I turned on messaging reluctantly. Figured it’d be another time suck. First month: 67 messages. Converted 31 to customers. That’s a 46% conversion rate from people who might’ve called my competitor instead.

Now I check message insights weekly. Response time under 5 minutes? Conversions stay high. Over an hour? They ghost. It’s that simple.

Mobile Actions: Where Money Lives

On mobile, GMB shows quick actions. Call. Directions. Website. The insights break down which actions people take. This is gold.

If 80% click “Call” but only 5% click “Website,” why are you spending thousands on web design? Fix what matters first. I’ve seen businesses transform just by making their phone number bigger on their GMB listing.

One plumber friend had the opposite problem. Tons of website clicks, no calls. His website was gorgeous, but hid the phone number. Fixed that, calls doubled. The insights showed the problem. He just had to look.

The Seasonal Patterns That Predict Revenue

Your GMB insights go back 18 months. That’s multiple seasons of data. Use it.

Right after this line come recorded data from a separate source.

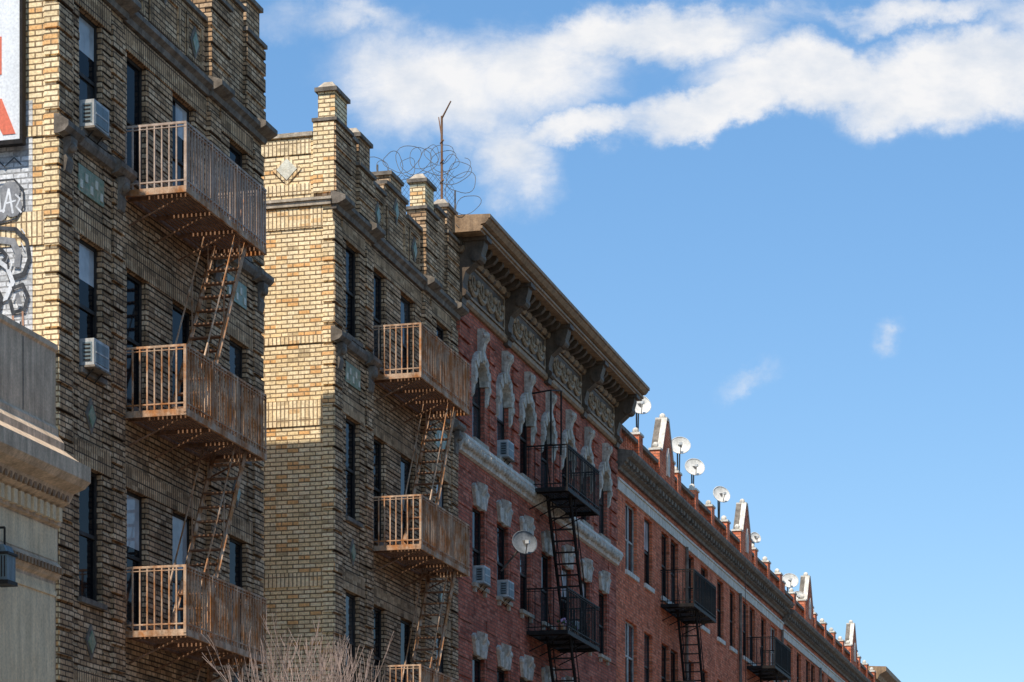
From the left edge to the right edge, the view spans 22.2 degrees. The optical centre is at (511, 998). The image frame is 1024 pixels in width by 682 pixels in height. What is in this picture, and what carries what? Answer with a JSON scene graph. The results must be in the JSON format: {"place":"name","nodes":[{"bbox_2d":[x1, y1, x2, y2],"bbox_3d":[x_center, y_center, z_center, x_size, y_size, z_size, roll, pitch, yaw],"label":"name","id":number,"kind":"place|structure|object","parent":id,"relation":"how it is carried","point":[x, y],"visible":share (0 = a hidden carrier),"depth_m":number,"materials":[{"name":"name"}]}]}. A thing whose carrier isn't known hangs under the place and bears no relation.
{"place":"outdoors","nodes":[
{"label":"outdoors","id":0,"kind":"place"},
{"bbox_2d":[456,311,617,681],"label":"brick walls","id":1,"kind":"structure","parent":0,"point":[491,618],"depth_m":57.43,"materials":[{"name":"red brick"}]},
{"bbox_2d":[472,565,491,592],"bbox_3d":[-0.651,-8.716,54.383,0.320,0.528,0.540,0,0,15],"label":"window air conditioner","id":2,"kind":"object","parent":1,"relation":"attached to","point":[481,575],"depth_m":54.15,"materials":[{"name":"grey metal"}]},
{"bbox_2d":[501,530,536,570],"bbox_3d":[0.076,-9.598,55.854,0.857,0.824,0.413,0,0,23],"label":"satellite dish","id":3,"kind":"object","parent":1,"relation":"attached to","point":[524,542],"visible":1,"depth_m":55.84,"materials":[{"name":"grey paint"}]},
{"bbox_2d":[472,376,603,681],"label":"windows","id":4,"kind":"structure","parent":1,"relation":"attached to","point":[476,514],"depth_m":58.25,"materials":[{"name":"black glass"}]},
{"bbox_2d":[458,328,622,681],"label":"white hoods and belt course","id":5,"kind":"object","parent":1,"relation":"attached to","point":[475,450],"visible":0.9,"depth_m":58.01,"materials":[{"name":"stone"}]},
{"bbox_2d":[497,440,514,464],"bbox_3d":[-0.153,-11.716,56.248,0.320,0.528,0.540,0,0,15],"label":"window air conditioner","id":6,"kind":"object","parent":5,"relation":"attached to","point":[505,449],"depth_m":56.02,"materials":[{"name":"grey metal"}]},
{"bbox_2d":[497,580,514,606],"bbox_3d":[-0.153,-8.716,56.248,0.320,0.528,0.540,0,0,15],"label":"window air conditioner","id":7,"kind":"object","parent":5,"relation":"attached to","point":[505,589],"depth_m":56.02,"materials":[{"name":"grey metal"}]},
{"bbox_2d":[452,214,649,448],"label":"bracketed cornice","id":8,"kind":"structure","parent":1,"relation":"attached to","point":[516,301],"depth_m":58.41,"materials":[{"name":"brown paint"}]},
{"bbox_2d":[526,389,599,681],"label":"black fire escape","id":9,"kind":"object","parent":1,"relation":"attached to","point":[570,502],"visible":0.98,"depth_m":59.27,"materials":[{"name":"metal"}]},
{"bbox_2d":[557,618,577,634],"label":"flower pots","id":10,"kind":"object","parent":9,"relation":"on","point":[563,621],"visible":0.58,"depth_m":58.33,"materials":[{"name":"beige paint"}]},
{"bbox_2d":[256,0,1023,681],"label":"sky","id":11,"kind":"structure","parent":0,"point":[799,224],"materials":[{"name":"blue"}]},
{"bbox_2d":[783,624,847,681],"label":"brick walls","id":12,"kind":"structure","parent":0,"point":[803,659],"depth_m":98.12,"materials":[{"name":"red brick"}]},
{"bbox_2d":[787,646,828,681],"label":"windows","id":13,"kind":"structure","parent":12,"relation":"attached to","point":[806,671],"depth_m":99.61,"materials":[{"name":"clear glass"}]},
{"bbox_2d":[819,668,821,681],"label":"rainwater pipes","id":14,"kind":"object","parent":12,"relation":"attached to","point":[820,674],"visible":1,"depth_m":101.83,"materials":[{"name":"brown metal"}]},
{"bbox_2d":[782,609,870,681],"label":"white bands and sills","id":15,"kind":"object","parent":12,"relation":"attached to","point":[796,623],"visible":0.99,"depth_m":100.55,"materials":[{"name":"paint"}]},
{"bbox_2d":[782,572,875,681],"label":"gabled parapet","id":16,"kind":"structure","parent":15,"relation":"on","point":[803,607],"depth_m":103.89,"materials":[{"name":"red brick"}]},
{"bbox_2d":[782,573,798,591],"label":"satellite dish","id":17,"kind":"object","parent":16,"relation":"attached to","point":[791,580],"visible":0.82,"depth_m":96.81,"materials":[{"name":"paint"}]},
{"bbox_2d":[795,591,802,600],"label":"satellite dish","id":18,"kind":"object","parent":16,"relation":"attached to","point":[799,593],"visible":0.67,"depth_m":98.78,"materials":[{"name":"paint"}]},
{"bbox_2d":[868,666,900,681],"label":"distant tan building","id":19,"kind":"structure","parent":0,"point":[884,674],"depth_m":119.84,"materials":[{"name":"brick"}]},
{"label":"ground","id":20,"kind":"structure","parent":0,"visible":0},
{"bbox_2d":[0,313,90,681],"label":"moulded facade","id":21,"kind":"structure","parent":20,"relation":"on","point":[31,445],"depth_m":33.51,"materials":[{"name":"concrete"}]},
{"bbox_2d":[0,526,17,586],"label":"wall lamp","id":22,"kind":"object","parent":21,"relation":"attached to","point":[8,555],"visible":1,"depth_m":32.35,"materials":[{"name":"black metal"}]},
{"bbox_2d":[0,336,68,681],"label":"dentils and cream panels","id":23,"kind":"object","parent":21,"relation":"attached to","point":[27,629],"visible":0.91,"depth_m":33.59,"materials":[{"name":"stone"}]},
{"bbox_2d":[0,0,265,681],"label":"brick walls","id":24,"kind":"structure","parent":20,"relation":"on","point":[61,220],"depth_m":36.85,"materials":[{"name":"beige brick"}]},
{"bbox_2d":[0,0,25,147],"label":"billboard","id":25,"kind":"object","parent":24,"relation":"attached to","point":[12,73],"visible":1,"depth_m":34.51,"materials":[{"name":"white metal"}]},
{"bbox_2d":[0,100,32,330],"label":"graffiti wall patch","id":26,"kind":"object","parent":24,"relation":"attached to","point":[16,260],"visible":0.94,"depth_m":34.64,"materials":[{"name":"paint"}]},
{"bbox_2d":[79,11,241,647],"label":"windows","id":27,"kind":"structure","parent":24,"relation":"attached to","point":[88,329],"depth_m":37.29,"materials":[{"name":"black glass"}]},
{"bbox_2d":[79,99,110,144],"bbox_3d":[-5.698,-11.856,35.455,0.320,0.528,0.540,0,0,15],"label":"window air conditioner","id":28,"kind":"object","parent":27,"relation":"attached to","point":[93,117],"depth_m":35.23,"materials":[{"name":"grey metal"}]},
{"bbox_2d":[79,338,110,383],"bbox_3d":[-5.698,-8.636,35.455,0.320,0.528,0.540,0,0,15],"label":"window air conditioner","id":29,"kind":"object","parent":27,"relation":"attached to","point":[93,355],"depth_m":35.23,"materials":[{"name":"grey metal"}]},
{"bbox_2d":[54,0,277,681],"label":"stone trim and cornices","id":30,"kind":"structure","parent":24,"relation":"attached to","point":[219,92],"depth_m":37.44,"materials":[{"name":"stone"}]},
{"bbox_2d":[123,121,266,681],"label":"rusty fire escape","id":31,"kind":"object","parent":24,"relation":"attached to","point":[189,216],"visible":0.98,"depth_m":37.94,"materials":[{"name":"beige paint"}]},
{"bbox_2d":[202,609,393,681],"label":"bare tree","id":32,"kind":"object","parent":20,"relation":"on","point":[284,666],"visible":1,"depth_m":36.25,"materials":[{"name":"brown plant"}]},
{"bbox_2d":[261,91,459,681],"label":"brick walls","id":33,"kind":"structure","parent":20,"relation":"on","point":[315,399],"depth_m":45.69,"materials":[{"name":"beige brick"}]},
{"bbox_2d":[266,82,468,606],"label":"stone trim and cornices","id":34,"kind":"structure","parent":33,"relation":"attached to","point":[286,169],"depth_m":47.10,"materials":[{"name":"stone"}]},
{"bbox_2d":[346,245,442,681],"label":"windows","id":35,"kind":"structure","parent":33,"relation":"attached to","point":[350,430],"depth_m":48.21,"materials":[{"name":"black glass"}]},
{"bbox_2d":[371,322,469,681],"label":"rusty fire escape","id":36,"kind":"object","parent":33,"relation":"attached to","point":[436,386],"visible":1,"depth_m":48.88,"materials":[{"name":"beige paint"}]},
{"bbox_2d":[375,144,481,235],"bbox_3d":[-2.471,-16.117,53.046,3.812,2.434,0.573,0,0,17],"label":"razor wire fence","id":37,"kind":"object","parent":33,"relation":"on","point":[446,184],"visible":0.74,"depth_m":52.76,"materials":[{"name":"grey metal"}]},
{"bbox_2d":[438,101,450,198],"bbox_3d":[-1.363,-16.454,52.483,0.358,3.109,0.067,0,0,43],"label":"roof antenna pole","id":38,"kind":"object","parent":33,"relation":"on","point":[441,143],"visible":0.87,"depth_m":52.51,"materials":[{"name":"metal"}]},
{"bbox_2d":[616,471,781,681],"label":"brick walls","id":39,"kind":"structure","parent":20,"relation":"on","point":[640,609],"depth_m":73.59,"materials":[{"name":"red brick"}]},
{"bbox_2d":[635,396,650,428],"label":"satellite dish","id":40,"kind":"object","parent":39,"relation":"on","point":[643,406],"visible":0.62,"depth_m":71.21,"materials":[{"name":"paint"}]},
{"bbox_2d":[672,437,690,470],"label":"satellite dish","id":41,"kind":"object","parent":39,"relation":"on","point":[681,445],"visible":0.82,"depth_m":76.72,"materials":[{"name":"paint"}]},
{"bbox_2d":[685,458,704,483],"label":"satellite dish","id":42,"kind":"object","parent":39,"relation":"on","point":[694,466],"visible":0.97,"depth_m":78.83,"materials":[{"name":"paint"}]},
{"bbox_2d":[625,503,773,681],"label":"windows","id":43,"kind":"structure","parent":39,"relation":"attached to","point":[629,567],"depth_m":73.34,"materials":[{"name":"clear glass"}]},
{"bbox_2d":[616,449,793,681],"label":"white bands and sills","id":44,"kind":"object","parent":39,"relation":"attached to","point":[646,479],"visible":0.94,"depth_m":76.52,"materials":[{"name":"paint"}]},
{"bbox_2d":[619,413,782,591],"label":"gabled parapet","id":45,"kind":"structure","parent":44,"relation":"on","point":[658,457],"depth_m":77.01,"materials":[{"name":"red brick"}]},
{"bbox_2d":[713,486,729,519],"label":"satellite dish","id":46,"kind":"object","parent":39,"relation":"on","point":[721,494],"visible":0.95,"depth_m":83.10,"materials":[{"name":"paint"}]},
{"bbox_2d":[660,568,790,681],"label":"black fire escape","id":47,"kind":"object","parent":39,"relation":"attached to","point":[700,609],"visible":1,"depth_m":74.27,"materials":[{"name":"metal"}]},
{"bbox_2d":[685,547,783,681],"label":"rainwater pipes","id":48,"kind":"object","parent":39,"relation":"attached to","point":[740,622],"visible":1,"depth_m":83.00,"materials":[{"name":"brown metal"}]},
{"bbox_2d":[751,532,760,543],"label":"satellite dish","id":49,"kind":"object","parent":39,"relation":"on","point":[755,537],"visible":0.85,"depth_m":89.36,"materials":[{"name":"paint"}]}
]}

I map out when searches spike and drop. Tax season. Home buying season. Holiday shopping. Then I prepare content and offers BEFORE the spike. While competitors react to busy seasons, I’m already optimized.

Last year, I noticed searches for my service spiked two weeks before the obvious busy season. Adjusted my campaign timing. Best quarter ever.

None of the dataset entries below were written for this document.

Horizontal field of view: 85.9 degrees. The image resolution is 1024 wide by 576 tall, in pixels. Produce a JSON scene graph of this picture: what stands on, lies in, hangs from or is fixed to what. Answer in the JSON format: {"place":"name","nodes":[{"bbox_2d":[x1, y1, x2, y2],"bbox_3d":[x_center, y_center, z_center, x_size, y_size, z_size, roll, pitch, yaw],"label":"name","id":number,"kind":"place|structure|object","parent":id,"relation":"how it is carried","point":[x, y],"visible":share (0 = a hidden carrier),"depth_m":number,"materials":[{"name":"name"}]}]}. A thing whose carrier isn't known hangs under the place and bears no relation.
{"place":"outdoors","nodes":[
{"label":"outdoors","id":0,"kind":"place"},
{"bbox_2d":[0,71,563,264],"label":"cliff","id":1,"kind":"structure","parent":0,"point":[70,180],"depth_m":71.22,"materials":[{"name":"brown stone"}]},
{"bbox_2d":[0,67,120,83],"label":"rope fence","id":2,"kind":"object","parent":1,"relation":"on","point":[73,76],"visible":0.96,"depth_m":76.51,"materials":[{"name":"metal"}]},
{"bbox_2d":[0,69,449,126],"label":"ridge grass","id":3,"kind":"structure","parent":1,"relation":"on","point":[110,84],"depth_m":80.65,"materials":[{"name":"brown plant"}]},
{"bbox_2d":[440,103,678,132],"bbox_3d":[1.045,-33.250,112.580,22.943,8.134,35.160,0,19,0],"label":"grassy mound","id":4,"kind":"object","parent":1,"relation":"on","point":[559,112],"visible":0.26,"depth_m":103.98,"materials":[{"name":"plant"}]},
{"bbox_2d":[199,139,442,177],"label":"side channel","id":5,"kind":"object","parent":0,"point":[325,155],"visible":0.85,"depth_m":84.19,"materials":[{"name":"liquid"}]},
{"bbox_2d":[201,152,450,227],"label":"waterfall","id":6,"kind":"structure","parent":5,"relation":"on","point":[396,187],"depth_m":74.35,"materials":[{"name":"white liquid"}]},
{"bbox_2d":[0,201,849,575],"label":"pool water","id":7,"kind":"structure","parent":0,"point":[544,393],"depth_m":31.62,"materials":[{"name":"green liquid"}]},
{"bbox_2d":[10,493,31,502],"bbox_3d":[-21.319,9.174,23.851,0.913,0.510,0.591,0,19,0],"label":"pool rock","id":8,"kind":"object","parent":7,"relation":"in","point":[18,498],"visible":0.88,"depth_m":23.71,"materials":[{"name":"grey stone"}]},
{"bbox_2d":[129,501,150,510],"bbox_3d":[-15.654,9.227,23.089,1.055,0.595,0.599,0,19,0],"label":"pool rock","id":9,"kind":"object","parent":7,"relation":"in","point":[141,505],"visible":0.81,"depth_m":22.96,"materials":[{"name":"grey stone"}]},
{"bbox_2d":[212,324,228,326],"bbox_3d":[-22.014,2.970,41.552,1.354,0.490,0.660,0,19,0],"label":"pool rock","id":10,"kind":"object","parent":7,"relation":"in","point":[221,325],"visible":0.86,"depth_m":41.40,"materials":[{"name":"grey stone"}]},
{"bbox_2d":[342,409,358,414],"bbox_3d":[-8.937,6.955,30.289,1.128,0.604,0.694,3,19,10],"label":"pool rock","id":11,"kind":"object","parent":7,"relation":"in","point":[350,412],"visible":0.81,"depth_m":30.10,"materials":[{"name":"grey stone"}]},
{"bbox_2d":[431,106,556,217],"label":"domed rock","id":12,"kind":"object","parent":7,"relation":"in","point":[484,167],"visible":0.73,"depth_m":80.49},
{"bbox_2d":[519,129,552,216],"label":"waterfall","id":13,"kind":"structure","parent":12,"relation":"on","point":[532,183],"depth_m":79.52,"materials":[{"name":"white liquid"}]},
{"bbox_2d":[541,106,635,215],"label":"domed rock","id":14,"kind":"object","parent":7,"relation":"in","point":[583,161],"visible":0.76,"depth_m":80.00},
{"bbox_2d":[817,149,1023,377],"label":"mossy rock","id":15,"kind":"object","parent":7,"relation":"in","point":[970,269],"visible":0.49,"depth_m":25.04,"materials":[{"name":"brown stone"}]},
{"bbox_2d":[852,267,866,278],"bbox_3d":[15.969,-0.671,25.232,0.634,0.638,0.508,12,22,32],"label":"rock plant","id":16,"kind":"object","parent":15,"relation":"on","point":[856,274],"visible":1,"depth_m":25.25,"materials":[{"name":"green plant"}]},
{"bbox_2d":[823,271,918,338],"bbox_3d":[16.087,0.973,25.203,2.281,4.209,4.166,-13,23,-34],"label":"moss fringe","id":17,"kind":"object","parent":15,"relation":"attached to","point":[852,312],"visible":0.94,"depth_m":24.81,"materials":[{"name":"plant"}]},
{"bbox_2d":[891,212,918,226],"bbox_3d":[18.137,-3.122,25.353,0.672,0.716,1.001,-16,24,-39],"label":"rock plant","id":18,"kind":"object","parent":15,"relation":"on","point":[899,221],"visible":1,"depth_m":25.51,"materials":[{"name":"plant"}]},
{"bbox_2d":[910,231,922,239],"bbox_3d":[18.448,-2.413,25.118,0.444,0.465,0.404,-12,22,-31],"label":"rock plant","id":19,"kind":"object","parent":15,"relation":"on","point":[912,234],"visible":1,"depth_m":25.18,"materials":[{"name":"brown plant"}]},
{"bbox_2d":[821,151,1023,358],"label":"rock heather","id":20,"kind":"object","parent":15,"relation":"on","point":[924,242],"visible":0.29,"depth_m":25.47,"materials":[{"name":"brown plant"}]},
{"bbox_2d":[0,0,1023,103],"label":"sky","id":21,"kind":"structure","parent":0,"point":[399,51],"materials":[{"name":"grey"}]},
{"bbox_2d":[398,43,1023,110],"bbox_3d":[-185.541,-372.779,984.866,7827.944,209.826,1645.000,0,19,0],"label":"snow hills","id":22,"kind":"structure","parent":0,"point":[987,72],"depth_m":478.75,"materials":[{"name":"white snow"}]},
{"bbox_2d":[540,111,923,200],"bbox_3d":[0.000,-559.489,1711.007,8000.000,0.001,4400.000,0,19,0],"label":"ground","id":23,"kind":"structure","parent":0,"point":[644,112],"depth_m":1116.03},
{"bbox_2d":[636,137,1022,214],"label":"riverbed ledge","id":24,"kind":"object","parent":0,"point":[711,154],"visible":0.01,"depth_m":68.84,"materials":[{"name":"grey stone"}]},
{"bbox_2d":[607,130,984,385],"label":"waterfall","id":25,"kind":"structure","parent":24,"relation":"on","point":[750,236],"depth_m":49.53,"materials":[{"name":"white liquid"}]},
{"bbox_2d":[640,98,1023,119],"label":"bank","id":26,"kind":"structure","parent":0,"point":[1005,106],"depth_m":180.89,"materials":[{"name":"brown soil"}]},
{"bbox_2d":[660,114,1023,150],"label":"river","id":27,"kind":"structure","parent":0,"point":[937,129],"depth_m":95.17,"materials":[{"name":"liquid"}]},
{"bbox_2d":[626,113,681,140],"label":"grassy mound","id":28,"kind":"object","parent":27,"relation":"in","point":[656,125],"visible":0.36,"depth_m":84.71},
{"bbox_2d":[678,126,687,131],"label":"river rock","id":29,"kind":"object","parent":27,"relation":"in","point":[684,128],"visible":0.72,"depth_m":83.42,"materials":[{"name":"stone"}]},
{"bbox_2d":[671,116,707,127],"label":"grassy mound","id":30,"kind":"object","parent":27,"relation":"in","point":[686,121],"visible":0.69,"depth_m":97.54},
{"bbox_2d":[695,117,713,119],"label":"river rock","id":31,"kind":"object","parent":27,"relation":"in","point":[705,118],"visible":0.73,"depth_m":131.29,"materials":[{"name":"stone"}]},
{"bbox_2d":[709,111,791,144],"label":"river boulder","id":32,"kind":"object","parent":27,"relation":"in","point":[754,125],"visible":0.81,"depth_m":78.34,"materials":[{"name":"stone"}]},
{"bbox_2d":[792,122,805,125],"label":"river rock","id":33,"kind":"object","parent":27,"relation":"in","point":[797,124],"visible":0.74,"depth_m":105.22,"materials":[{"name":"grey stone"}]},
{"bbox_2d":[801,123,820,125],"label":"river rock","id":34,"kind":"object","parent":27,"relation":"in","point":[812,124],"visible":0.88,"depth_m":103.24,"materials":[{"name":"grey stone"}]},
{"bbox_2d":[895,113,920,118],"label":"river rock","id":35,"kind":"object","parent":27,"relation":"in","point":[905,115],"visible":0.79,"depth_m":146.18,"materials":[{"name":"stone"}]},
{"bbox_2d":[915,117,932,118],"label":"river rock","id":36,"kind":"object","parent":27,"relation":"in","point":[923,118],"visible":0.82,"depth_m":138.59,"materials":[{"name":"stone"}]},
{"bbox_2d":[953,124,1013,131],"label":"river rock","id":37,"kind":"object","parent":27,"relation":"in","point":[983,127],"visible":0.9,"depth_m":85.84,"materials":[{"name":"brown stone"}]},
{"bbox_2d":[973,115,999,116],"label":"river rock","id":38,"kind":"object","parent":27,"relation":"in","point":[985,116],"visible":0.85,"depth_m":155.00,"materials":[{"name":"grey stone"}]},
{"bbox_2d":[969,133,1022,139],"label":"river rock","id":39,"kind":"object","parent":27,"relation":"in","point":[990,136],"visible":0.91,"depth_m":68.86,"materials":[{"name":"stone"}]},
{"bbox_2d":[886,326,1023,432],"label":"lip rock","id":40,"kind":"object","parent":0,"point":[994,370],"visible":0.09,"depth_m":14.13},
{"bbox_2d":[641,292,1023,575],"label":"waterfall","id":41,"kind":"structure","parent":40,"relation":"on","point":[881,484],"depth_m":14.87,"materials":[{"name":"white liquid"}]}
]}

Stop Checking Daily, Start Testing Weekly

Daily insight checking is masturbation. Feels good, accomplishes nothing. Weekly testing based on insights? That’s what works.

Every week, I test one thing based on what insights tell me. Low photo views? New photos. Slow message response time? Set up quick replies. Competitor beating me on reviews? Time for a review campaign.

Small tests. Clear results. No guessing.

Google My Business insights aren’t complicated. They’re just boring. But boring numbers that make your phone ring beat exciting metrics that don’t pay bills.

Your competitors are probably ignoring these insights right now. Checking vanity metrics. Feeling successful while you eat their lunch.

The question is: Will you do the work, or just check the numbers?